В день своего 16-летия Ольга Кавелина пришла на службу в храм преподобного Сергия на Большой Дмитровке, где тогда находилась Петровская община, и обратилась к владыке Варфоломею: “У меня сегодня день рожденья. Скажите мне что-нибудь”, — предполагая, что он даст ей наставление в приватной беседе. Владыка ответил ей. Он поставил ее перед собой посреди храма и обратил к ней свою проповедь. Центральный образ этой проповеди она запомнила на всю жизнь, и даже за несколько дней до смерти она в который раз говорила о том дне.
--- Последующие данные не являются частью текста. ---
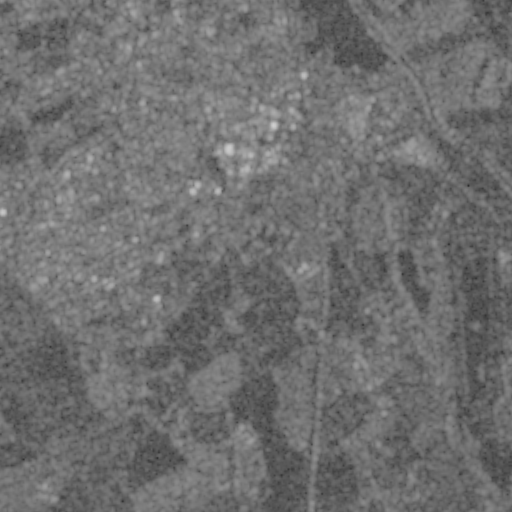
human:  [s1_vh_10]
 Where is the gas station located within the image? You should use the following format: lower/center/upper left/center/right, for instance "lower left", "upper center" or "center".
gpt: The gas station is located in the center left of the image.
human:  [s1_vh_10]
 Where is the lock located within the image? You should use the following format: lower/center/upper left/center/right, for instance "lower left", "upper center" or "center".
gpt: The lock is located in the center right of the image.
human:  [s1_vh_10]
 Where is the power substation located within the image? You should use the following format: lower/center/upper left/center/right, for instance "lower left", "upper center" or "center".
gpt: The power substation is located in the upper center of the image.
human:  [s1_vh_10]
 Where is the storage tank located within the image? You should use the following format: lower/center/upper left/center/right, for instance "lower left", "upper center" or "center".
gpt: The storage tank is located in the upper right of the image.
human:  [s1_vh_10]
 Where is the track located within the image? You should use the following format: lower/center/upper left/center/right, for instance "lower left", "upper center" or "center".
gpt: The track is located in the lower right of the image.
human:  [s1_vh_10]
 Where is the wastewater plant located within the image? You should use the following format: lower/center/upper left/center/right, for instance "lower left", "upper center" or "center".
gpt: The wastewater plant is located in the upper right of the image.
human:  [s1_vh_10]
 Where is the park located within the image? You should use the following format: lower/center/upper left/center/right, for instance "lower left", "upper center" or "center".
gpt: There is no park in the image.

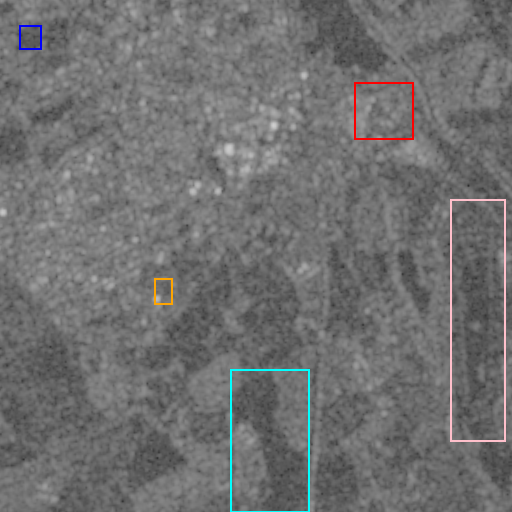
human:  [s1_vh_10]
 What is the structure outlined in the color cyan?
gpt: The structure outlined in cyan is a crop field.
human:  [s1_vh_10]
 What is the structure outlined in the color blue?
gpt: The structure outlined in blue is a park.
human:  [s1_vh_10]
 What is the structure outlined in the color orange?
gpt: The structure outlined in orange is a parking lot.
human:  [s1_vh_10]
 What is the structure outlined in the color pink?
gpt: The structure outlined in pink is a track.
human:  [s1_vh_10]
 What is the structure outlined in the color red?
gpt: The structure outlined in red is a wastewater plant.
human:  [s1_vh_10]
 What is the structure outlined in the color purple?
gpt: There is no purple outline.
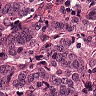
Metastatic tissue present: yes
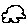
Label: car
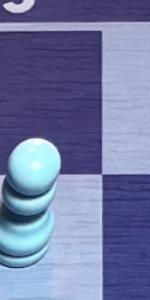
Label: Pawn_White
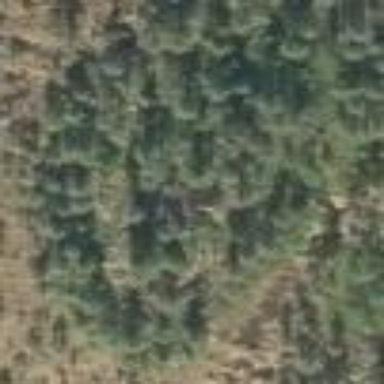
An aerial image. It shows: Woodland with needle-leaved trees.
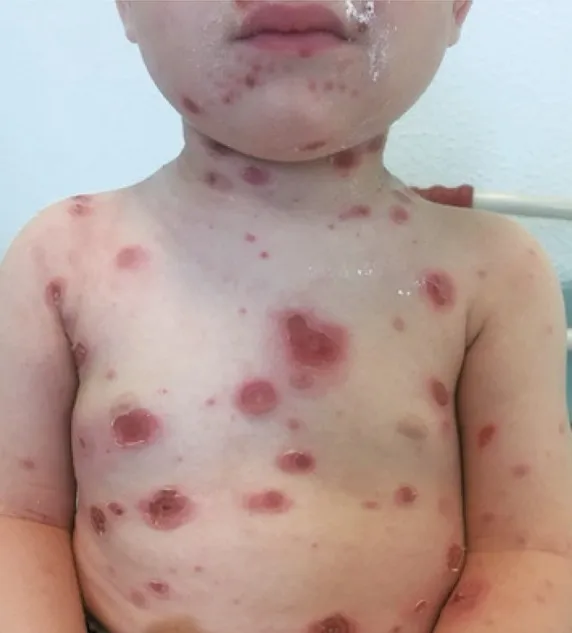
Varicella zoster lesions on chest.
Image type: medical_photograph (skin_photograph)
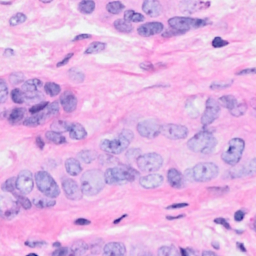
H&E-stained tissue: Breast
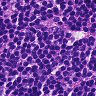
Metastatic tissue present: no
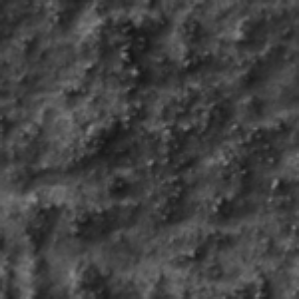
Label: frost
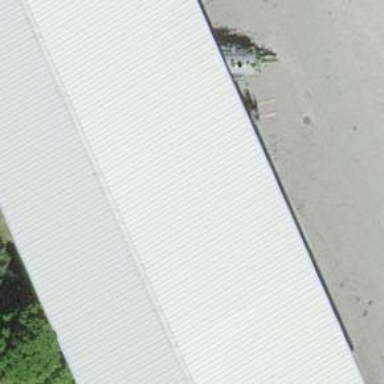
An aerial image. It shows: Industrial building.
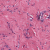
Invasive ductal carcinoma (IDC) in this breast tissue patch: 0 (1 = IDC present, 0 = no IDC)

“В Америке была выставка, — обращался к ней владыка Варфоломей. — Были выставлены все достижения цивилизации, представлены все штаты этой обширной и богатой земли.
Среди экспонатов была клетка, в которой сидел негр. Живой негр. Он улыбался, гляда на проходящую толпу. Кто-то из толпы спросил его: Чего же ты радуешься? Ты же в клетке. — Да, отвечал негр, но я со Христом, и поэтому я свободен.
Будь и ты со Христом, — заключил Владыка, — и ты будешь воистину свободна”.
Так она и жила.
…Отпевание Ольги Александровны было совершено в храме святителя Митрофания Воронежского, недалеко от которого находился ее дом. После отпевания ее гроб был доставлен в Оптину пустынь, где рядом с могилами других Кавелиных, в частности, ее прабабушки и состоялось погребение рясофорной монахини Серафимы.
А. Беглов
1Ныне прославлен в лике преподобномучеников.
2Опубликовано: Преподобномученик Феодор (Богоявленский). “Завещание” / Подготовка текста, публикация, вступительная заметка А. Л. Беглова // Альфа и Омега. 2001. № 1(27). С. 283–284.